Se pueden tener grandes propósitos para alcanzar una virtud, iniciar el camino correcto o realizar actos concretos que disponen para ella. Sin la constancia, todo quedará en un manojo de buenas intenciones, excelentes intuiciones y un puñado de frutos verdes e inmaduros arrancados por el viento.
La constancia es la firmeza y la perseverancia del ánimo. En palabras muy elegantes del poeta y literato italiano, Arturo Graf, “la virtud por la cual todas las otras virtudes dan su fruto”.
Los hombres estamos llamados a ser la tierra buena donde la semilla de la voz de Dios y las virtudes puedan crecer y dar fruto con perseverancia (cf. Lc 8,15). Por ello es bueno tener a la mano algunos elementos que pueden ayudar para formar esta virtud.
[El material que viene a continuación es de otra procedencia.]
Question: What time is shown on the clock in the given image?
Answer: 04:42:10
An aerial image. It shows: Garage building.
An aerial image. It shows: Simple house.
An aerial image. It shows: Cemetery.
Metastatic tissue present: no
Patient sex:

Tener un fin concreto y una motivación profunda. En los actos que realizamos, el fin es lo primero que pone en movimiento al hombre aunque sea lo último que consiga. ¿Por qué quiero conquistar esta virtud? Habrá muchas motivaciones muy válidas en el plano humano, pero a fin de cuentas, en el plano sobrenatural, buscamos agradar a Dios. Él a su vez, como nos dice san Pablo, a los que con perseverancia en el bien busquen gloria, honor e inmortalidad, les dará la vida eterna (cf. Rm 2,5-8).
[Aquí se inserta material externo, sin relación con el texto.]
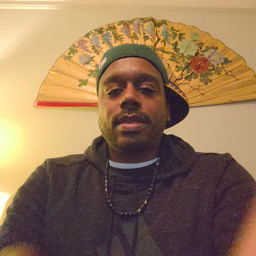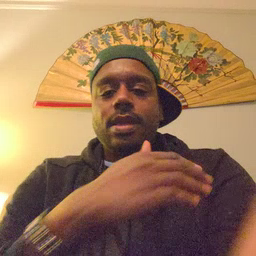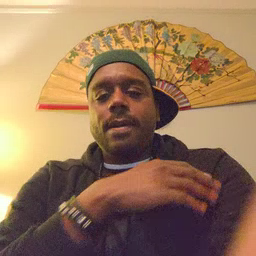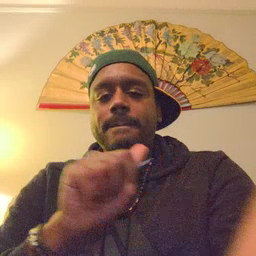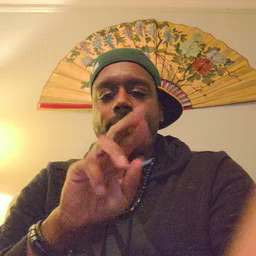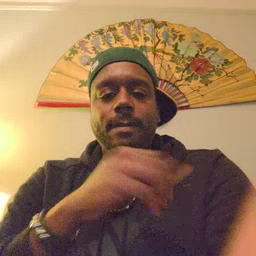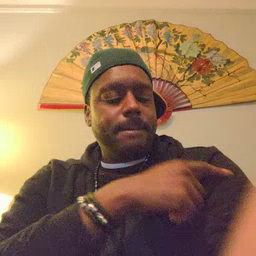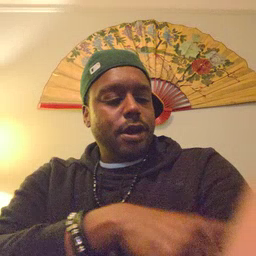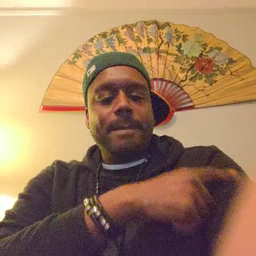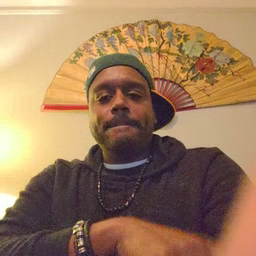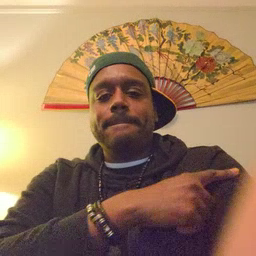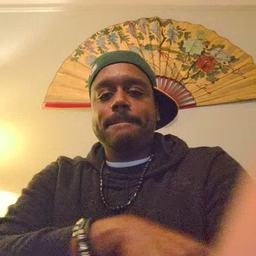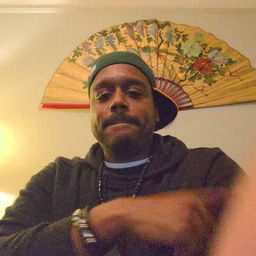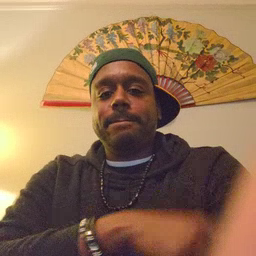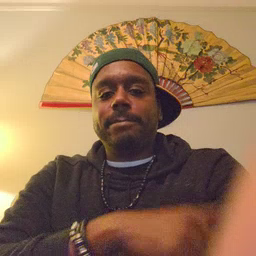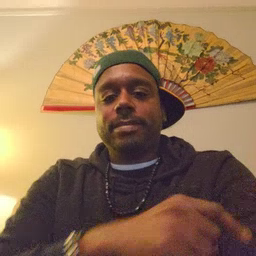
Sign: arm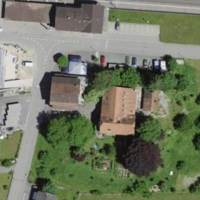
EUNIS habitat code: 54
Species observed at this site:
Humulus lupulus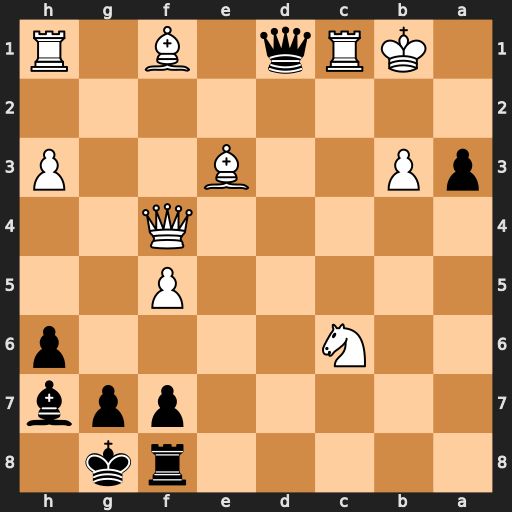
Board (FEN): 5rk1/5ppb/2N4p/5P2/5Q2/pP2B2P/8/1KRq1B1R
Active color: b
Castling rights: -
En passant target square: -
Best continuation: Qxb3+ Ka1 Qb2#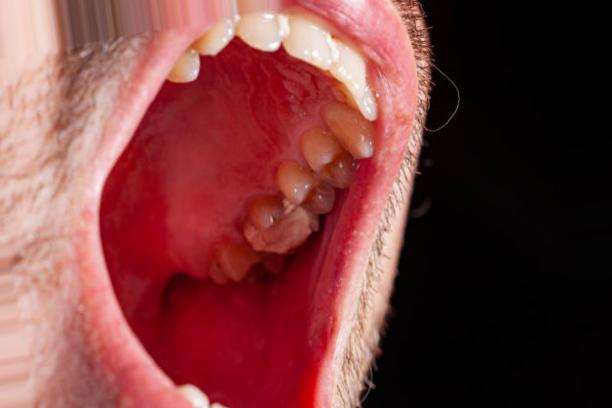
Condition: Caries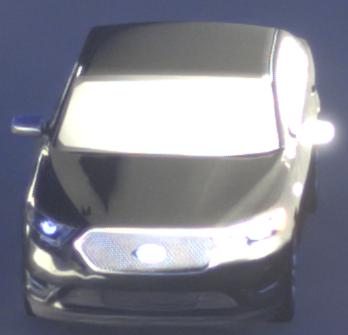
Make: Ford
Model: Taurus
Detailed model: SHO
Model produced from: 2012
Model produced until: 2019
Doors: 4
Color: black
Road condition: dry road
Daytime: sunrise or sunset
Contrast: high contrast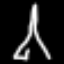
Label: The Eiffel Tower
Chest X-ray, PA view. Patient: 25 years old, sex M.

Para actualizar este fin y motivación puede valerse de un lema o una frase que le ayude a recordar la virtud que desea alcanzar. Allí entra nuestra amiga la constancia. Grandes hombres y mujeres en la historia se han ayudado de este medio y han escrito lemas como: “obediencia y paz”, “en Ti confío”, “cooperador de la verdad”, “en todo amar y servir”, “dar siempre con alegría”, etc.
Otro aspecto que puede servir es “dejar constancia” de la virtud que buscamos, hacer un pequeño programa para dicha virtud. No hay que tener miedo de escribirla en un papel, en la agenda y, sobre todo, en el corazón. Una sola virtud, aunque en realidad conseguiremos dos, la virtud propuesta y la virtud de la constancia. Tomás de Kempis, en La Imitación de Cristo, dice que “si cada año desarraigásemos un vicio, presto seríamos perfectos” (Libro I, IX, 3). Así que una virtud al año, a nadie le hace daño.
Es muy provechoso repasar constantemente al final del día cómo se ha vivido la virtud propuesta. Se puede sencillamente llevar en una hoja un control gráfico del progreso. Esta se puede colocar debajo de la almohada. Así, en la noche no se olvida. Santa Faustina Kowalska, en su Diario, apuntaba las victorias y derrotas que tenía para conseguir la virtud del silencio interior. Tenía una pequeña tabla: hoy “x” victorias y “z” derrotas. Al número de victorias siempre se puede añadir una “extra” por la constancia. La perseverancia es la clave del éxito.
Toda virtud nos ayuda a imitar mejor a Cristo, modelo de todas las virtudes. Él nos mostró constantemente su amor, desde su nacimiento hasta la muerte en la cruz. En la propia vida, el discípulo tiene que sembrar las buenas disposiciones, regarlas con constancia y confiar en Dios, quien realizará el crecimiento de la virtud.
El hombre de Dios, san Bernardo de Claraval, que era tenaz y perseverante, resumía así su experiencia: “poco aprovechará un hombre que siguiera a Cristo, si al final de su vida no consigue alcanzarle”.